Activity:
The entries must be repeated verbatim, and their images left out.

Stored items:
# # # # # # #

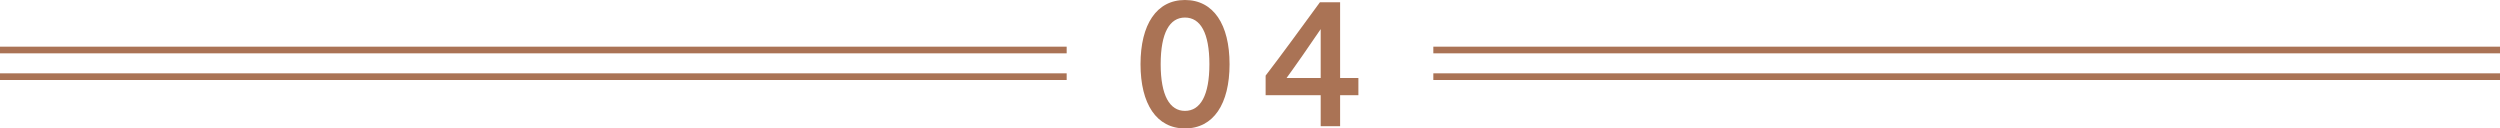 <?xml version="1.0" encoding="UTF-8"?>
<svg id="_レイヤー_2" data-name="レイヤー 2" xmlns="http://www.w3.org/2000/svg" width="750" height="38.528" viewBox="0 0 750 38.528">
  <defs>
    <style>
      .cls-1 {
        fill: #aa7355;
      }
    </style>
  </defs>
  <g id="txt">
    <g>
      <path class="cls-1" d="M368.868,19.264c0,11.928-4.816,19.264-13.384,19.264-8.512,0-13.328-7.336-13.328-19.264s4.816-19.264,13.328-19.264c8.567,0,13.384,7.336,13.384,19.264ZM348.204,19.264c0,9.352,2.688,14,7.28,14,4.647,0,7.336-4.648,7.336-14,0-9.408-2.688-14-7.336-14-4.592,0-7.28,4.592-7.28,14Z"/>
      <path class="cls-1" d="M396.207,37.856v-9.296h-16.52v-5.88c4.703-6.104,11.256-15.12,16.296-22.008h6.048v22.735h5.487v5.152h-5.487v9.296h-5.824ZM396.207,23.408v-14.672c-3.136,4.648-7.784,11.312-10.248,14.672h10.248Z"/>
    </g>
    <g>
      <rect class="cls-1" x="430" y="14" width="320" height="2"/>
      <rect class="cls-1" x="430" y="22" width="320" height="2"/>
    </g>
    <g>
      <rect class="cls-1" y="14" width="320" height="2"/>
      <rect class="cls-1" y="22" width="320" height="2"/>
    </g>
  </g>
</svg>
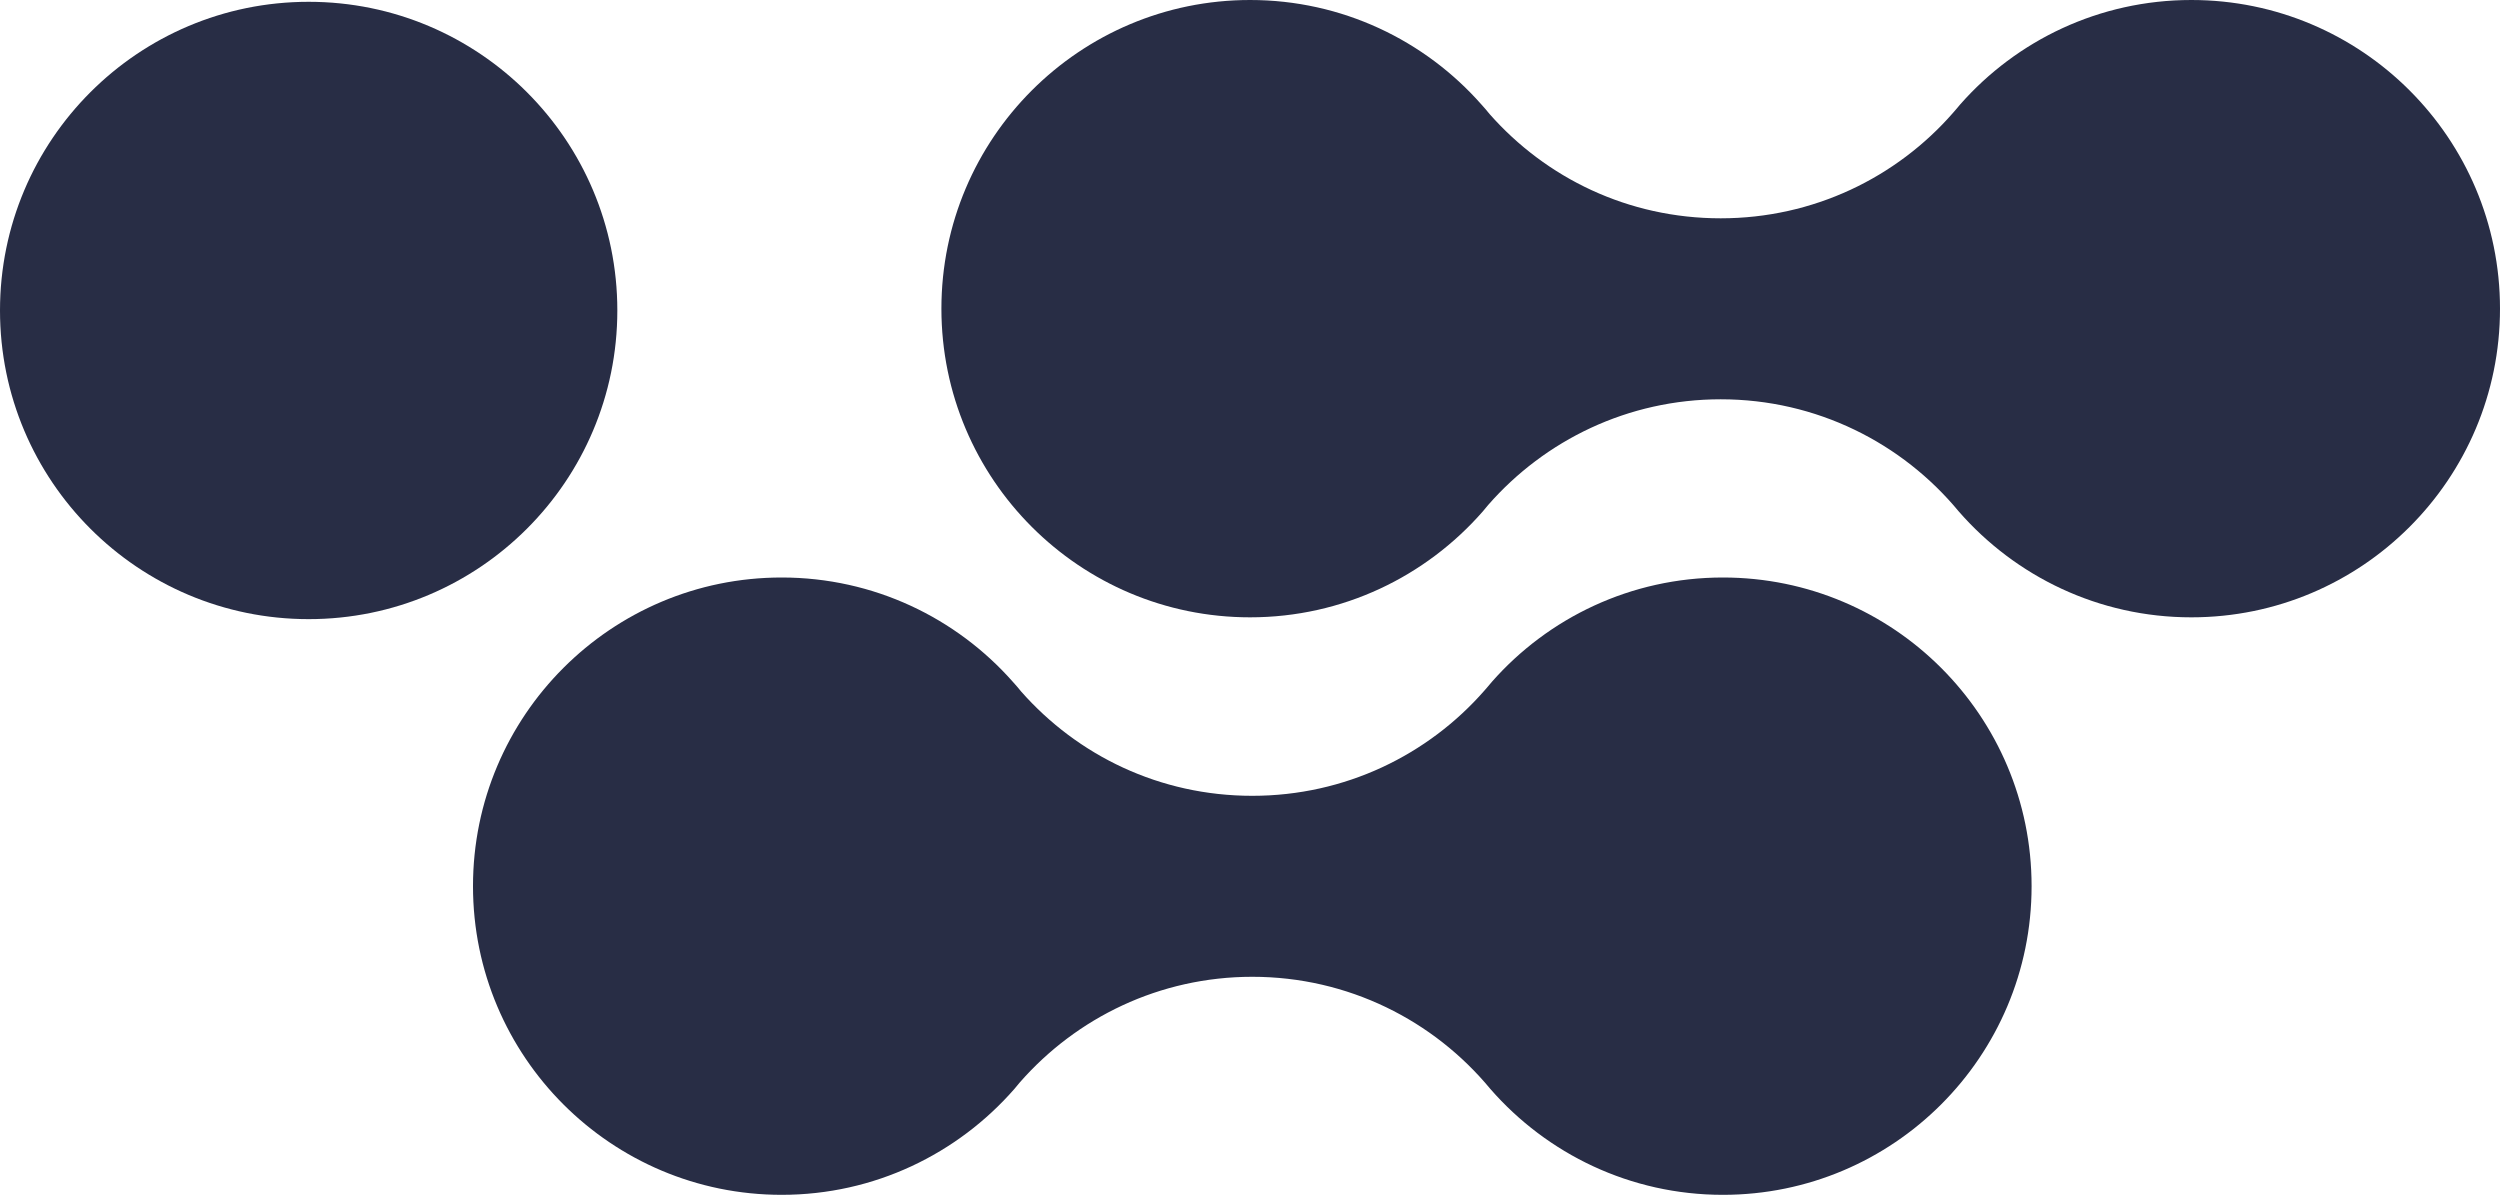 <?xml version="1.0" encoding="UTF-8"?>
<svg id="Capa_2" data-name="Capa 2" xmlns="http://www.w3.org/2000/svg" viewBox="0 0 180.13 86.09">
  <defs>
    <style>
      .cls-1 {
        fill: #282d45;
      }
    </style>
  </defs>
  <g id="Capa_1-2" data-name="Capa 1">
    <g>
      <circle class="cls-1" cx="22.24" cy="22.37" r="22.24"/>
      <path class="cls-1" d="M180.13,22.24C180.13,9.96,170.17,0,157.89,0c-6.63,0-12.59,2.91-16.65,7.52-.17.2-.34.41-.52.61-4.07,4.66-10.06,7.6-16.74,7.6s-12.59-2.91-16.65-7.51c-.2-.24-.39-.48-.6-.7C102.66,2.91,96.7,0,90.07,0c-12.28,0-22.24,9.96-22.24,22.24s9.96,22.24,22.24,22.24c6.68,0,12.67-2.95,16.76-7.62.13-.15.27-.32.4-.48,4.08-4.66,10.07-7.61,16.75-7.61,6.91,0,13.08,3.15,17.16,8.09,4.08,4.67,10.07,7.62,16.75,7.62,12.28,0,22.24-9.96,22.24-22.24Z"/>
      <path class="cls-1" d="M146.38,63.85c0-12.28-9.96-22.24-22.24-22.24-6.63,0-12.59,2.91-16.65,7.52-.17.2-.34.41-.52.61-4.07,4.66-10.06,7.6-16.74,7.6s-12.59-2.91-16.65-7.51c-.2-.24-.39-.48-.6-.7-4.07-4.61-10.03-7.52-16.66-7.52-12.28,0-22.24,9.96-22.24,22.24s9.96,22.24,22.24,22.24c6.68,0,12.67-2.95,16.76-7.62.13-.15.27-.32.4-.48,4.08-4.66,10.07-7.61,16.75-7.61,6.91,0,13.08,3.15,17.16,8.09,4.08,4.67,10.07,7.62,16.75,7.62,12.28,0,22.24-9.96,22.24-22.24Z"/>
    </g>
  </g>
</svg>

# # # # # # #

Written solution:
 <?xml version="1.0" encoding="UTF-8"?>
<svg id="_レイヤー_2" data-name="レイヤー 2" xmlns="http://www.w3.org/2000/svg" width="750" height="38.528" viewBox="0 0 750 38.528">
  <defs>
    <style>
      .cls-1 {
        fill: #aa7355;
      }
    </style>
  </defs>
  <g id="txt">
    <g>
      <path class="cls-1" d="M368.868,19.264c0,11.928-4.816,19.264-13.384,19.264-8.512,0-13.328-7.336-13.328-19.264s4.816-19.264,13.328-19.264c8.567,0,13.384,7.336,13.384,19.264ZM348.204,19.264c0,9.352,2.688,14,7.28,14,4.647,0,7.336-4.648,7.336-14,0-9.408-2.688-14-7.336-14-4.592,0-7.28,4.592-7.28,14Z"/>
      <path class="cls-1" d="M396.207,37.856v-9.296h-16.52v-5.88c4.703-6.104,11.256-15.12,16.296-22.008h6.048v22.735h5.487v5.152h-5.487v9.296h-5.824ZM396.207,23.408v-14.672c-3.136,4.648-7.784,11.312-10.248,14.672h10.248Z"/>
    </g>
    <g>
      <rect class="cls-1" x="430" y="14" width="320" height="2"/>
      <rect class="cls-1" x="430" y="22" width="320" height="2"/>
    </g>
    <g>
      <rect class="cls-1" y="14" width="320" height="2"/>
      <rect class="cls-1" y="22" width="320" height="2"/>
    </g>
  </g>
</svg>
 <?xml version="1.0" encoding="UTF-8"?>
<svg id="Capa_2" data-name="Capa 2" xmlns="http://www.w3.org/2000/svg" viewBox="0 0 180.13 86.09">
  <defs>
    <style>
      .cls-1 {
        fill: #282d45;
      }
    </style>
  </defs>
  <g id="Capa_1-2" data-name="Capa 1">
    <g>
      <circle class="cls-1" cx="22.24" cy="22.37" r="22.24"/>
      <path class="cls-1" d="M180.13,22.24C180.13,9.96,170.17,0,157.89,0c-6.63,0-12.59,2.91-16.65,7.52-.17.2-.34.41-.52.61-4.07,4.66-10.06,7.6-16.74,7.6s-12.59-2.91-16.65-7.51c-.2-.24-.39-.48-.6-.7C102.66,2.91,96.7,0,90.07,0c-12.28,0-22.24,9.96-22.24,22.24s9.96,22.24,22.24,22.24c6.68,0,12.67-2.95,16.76-7.62.13-.15.27-.32.4-.48,4.08-4.66,10.07-7.61,16.75-7.61,6.91,0,13.08,3.15,17.16,8.09,4.08,4.67,10.07,7.62,16.75,7.62,12.28,0,22.24-9.96,22.24-22.24Z"/>
      <path class="cls-1" d="M146.38,63.85c0-12.28-9.96-22.24-22.24-22.24-6.63,0-12.59,2.91-16.65,7.52-.17.2-.34.41-.52.61-4.07,4.66-10.06,7.6-16.74,7.6s-12.59-2.91-16.65-7.51c-.2-.24-.39-.48-.6-.7-4.07-4.61-10.03-7.52-16.66-7.52-12.28,0-22.24,9.96-22.24,22.24s9.96,22.24,22.24,22.24c6.68,0,12.67-2.95,16.76-7.62.13-.15.27-.32.4-.48,4.08-4.66,10.07-7.61,16.75-7.61,6.91,0,13.08,3.15,17.16,8.09,4.08,4.67,10.07,7.62,16.75,7.62,12.28,0,22.24-9.96,22.24-22.24Z"/>
    </g>
  </g>
</svg>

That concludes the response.